Nonetheless, the problem identified by the developers of the tight power pools and the reason for which these capacity markets were developed has survived the development of bid based markets.  That is, customer involuntary interruptions are still performed on an equitable basis and bid caps as well as other mitigation schemes exist so that energy is still purchased below its scarcity value even at times of system shortage.

The same issue persist in the SMD Working Paper.  The Paper recognizes at least part of the dilemma by suggesting that, “[w]hen load must be curtailed due to insufficient generation, the transmission provider should avoid curtailing those LSEs that have procured sufficient generation, if operationally possible.”[27]  However, the nature of the permissive language above and the suggestion in the Paper that bid caps should persist as a proxy for price responsive load implies that the problem recognized by the tight pools will still be extant in the SMD market.  Thus, as long as curtailment procedures are not explicitly tied to price (willingness to pay) and bid caps artificially provide a regulatory hedge for market participants that are short, it will be necessary to have some type of mechanism to insure system adequacy and to true up among participants.  The staff was wise in not prescribing a specific method to address this issue, but should be more explicit in defining the problem and mandating that each RTO market design filing explain how it intends to resolve this issue.  Each RTO should answer the question “what type of capacity market is consistent with the totality of the market design?”

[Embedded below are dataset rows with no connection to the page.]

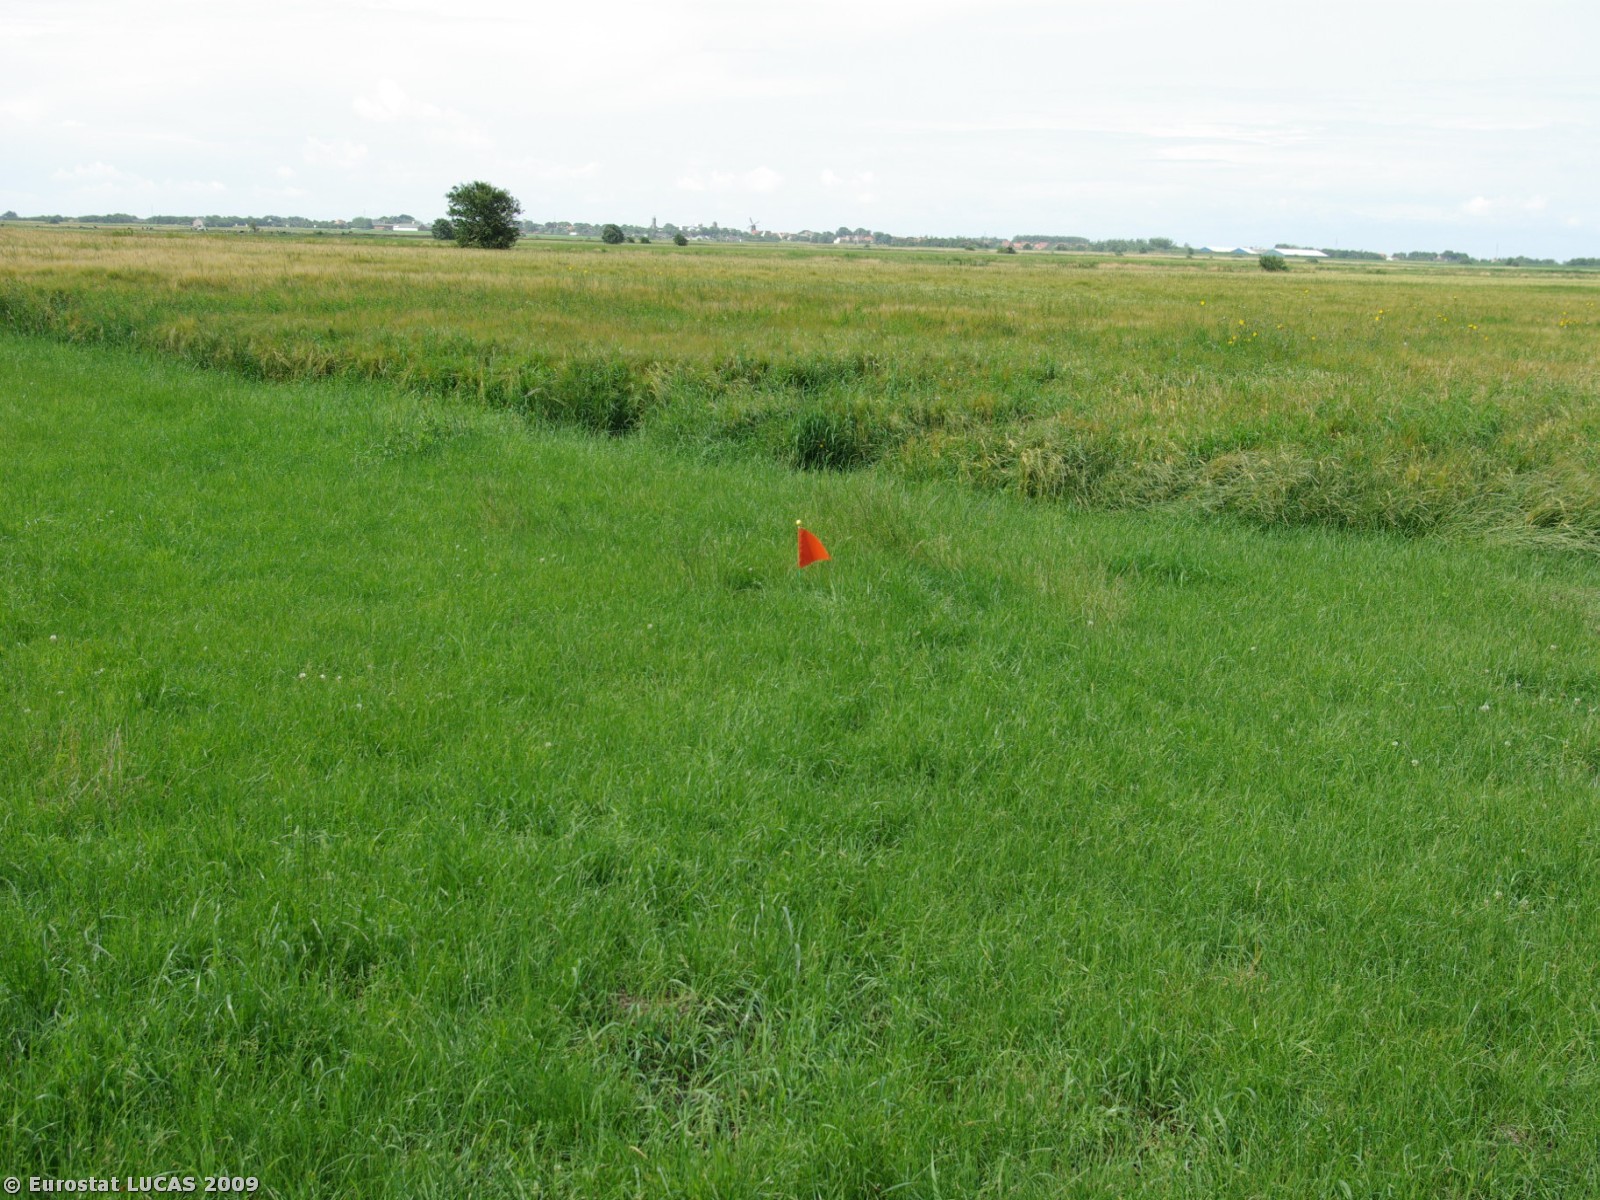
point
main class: Grassland
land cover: Grassland without tree/shrub cover
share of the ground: > 75 %
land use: Agriculture (excluding fallow land and kitchen gardens)
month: July
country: DK
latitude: 54.9771
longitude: 8.7354

            10.       Clearinghouse Functions Should  Be Part of the SMD.

The RTO performs important functions referred to as clearinghouse functions in its administration of the markets.  These functions include billing, settlement and credit.  For example, each of the Northeast ISOs (PJM, New York ISO and ISO-NE/NEPOOL) has different billing, settlement and credit provisions.  Since the RTO is the market operator, it must perform these functions.  Any SMD prescription for an RTO should contain these provisions and to the extent that standards can be developed, they should be.  Accordingly, the Commission should, at a minimum, include a requirement that the RTO provide these functions and include them in the new NAT.

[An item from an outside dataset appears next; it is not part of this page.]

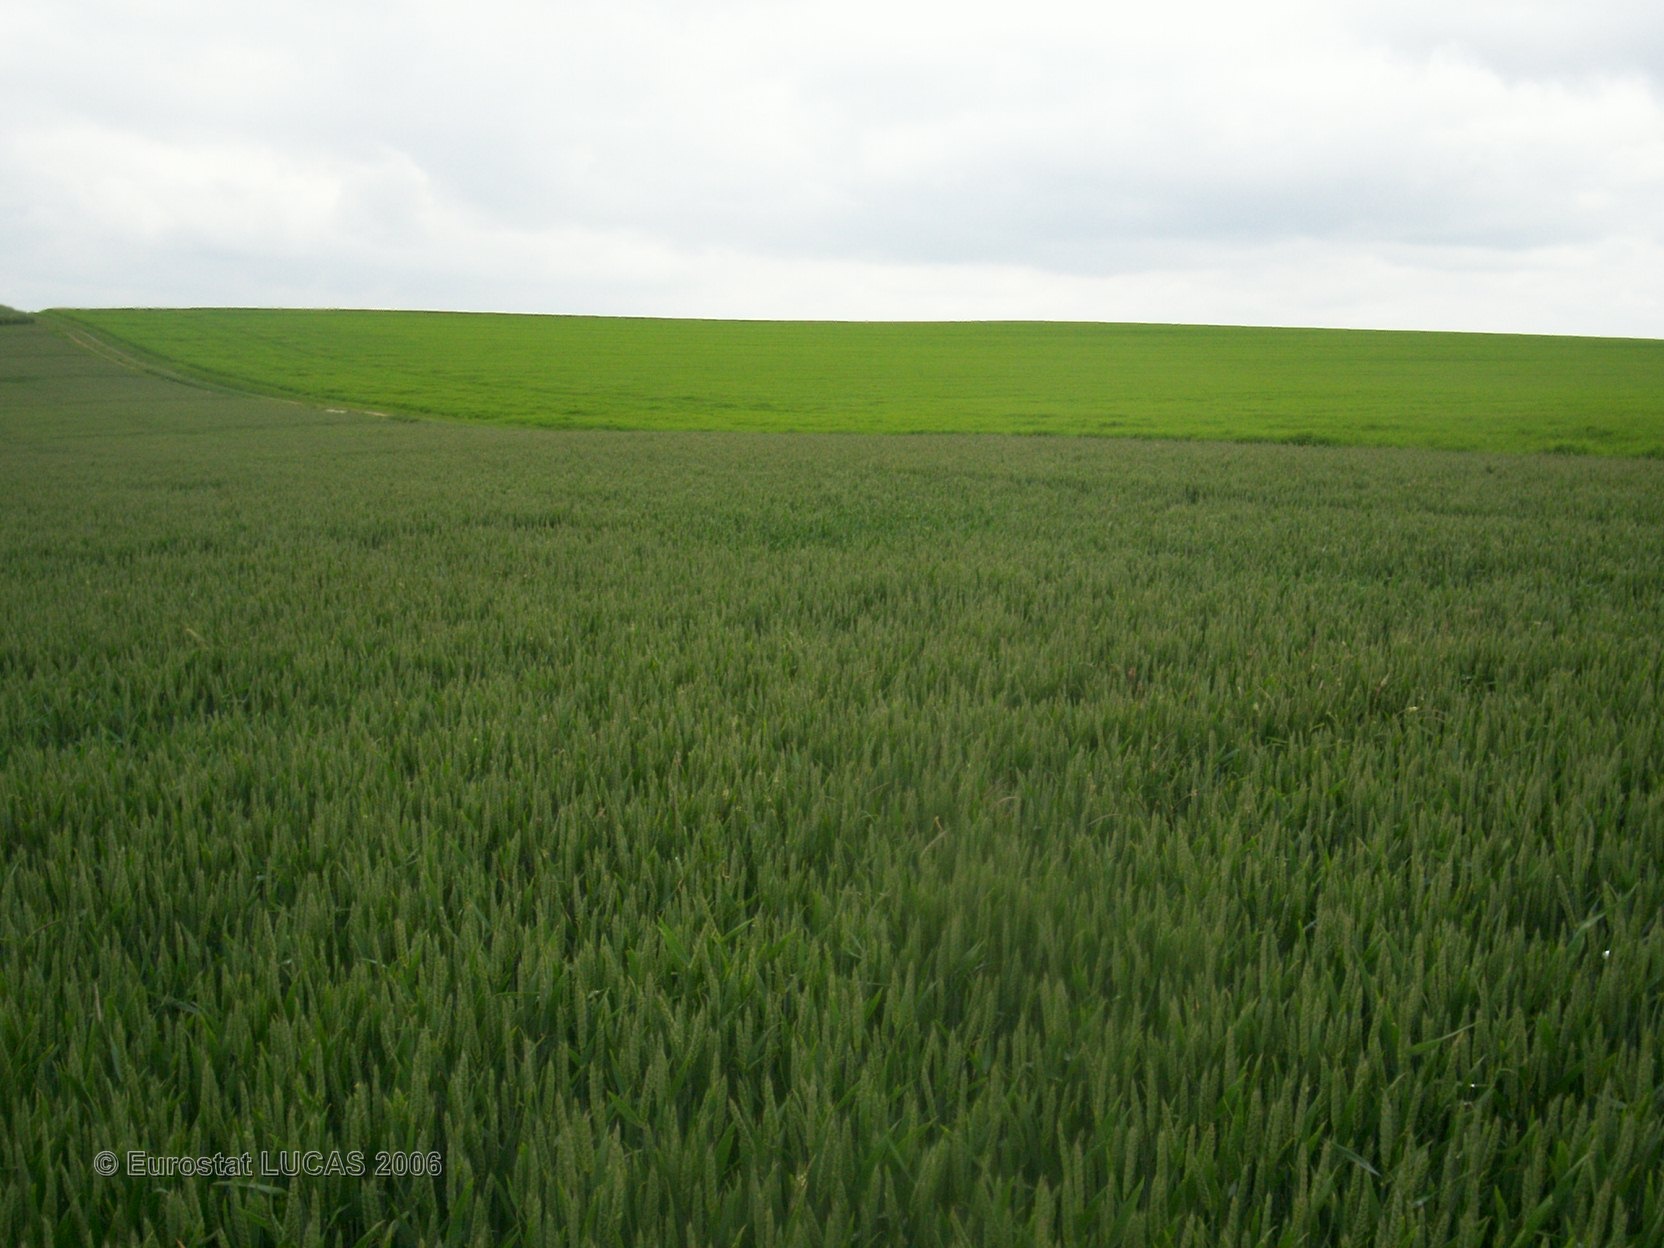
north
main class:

11.       Market Monitoring Units Should Advocate Competition;  Mitigation Should be Minimized Through Clear, Ex Ante Rules.

 

The SMD Working Paper correctly notes the importance of the function of the SMD in assuring that energy spot markets are competitive.  The Paper points correctly to the principle that structural solutions are in general better than behavioral ones.[28]  It also points to the necessity of insuring ease of entry and exit.  If market rules and the structure of the market itself do not result in a competitive spot markets, the Paper correctly notes that ex ante rules are preferable to invasive ex post regulation.  Only as a last resort should any mitigation rules be adopted and only for so long as it is necessary to get the structure of the market correct.  The Paper correctly points to demand response as a necessary missing element in the design of a competitive market for electricity and correctly calls for the promotion of demand response.   EEI general agrees with this ordering of the principles: 1) structural solutions; 2) proper market structure; 3) ex ante fixes to market rules; 4) regulatory ex ante solutions such as call contracts to defease localized market power; and 5) as a last resort, market mitigation rules such as bid caps.  

EEI believes that the sine qua non of the market monitoring function should be the promotion of competition.  Thus, the market monitor should be an advocate for competition and should actively pursue that goal.  This includes not only reviewing market participants’ behavior, but recommending the substitution of properly structured and designed markets for invasive market mitigation rules.  The Paper’s focus on promoting demand response is both necessary and appropriate, since the temporary bid caps incorporated in the proposal are a poor substitute for a properly functioning market.  In that regard, the market monitor should focus on the comparative statistics of the market (the relationship between demand and supply over time) and should provide periodic reports that explicitly evaluate the effectiveness of price sensitive demand including under what conditions such demand will become effective in promoting competitive electricity spot markets.  Thus, the monitor should be required to report periodically on, among other things, what additional modifications to the market would be necessary to eliminate market interventions such as the temporary bid caps suggested in the Paper.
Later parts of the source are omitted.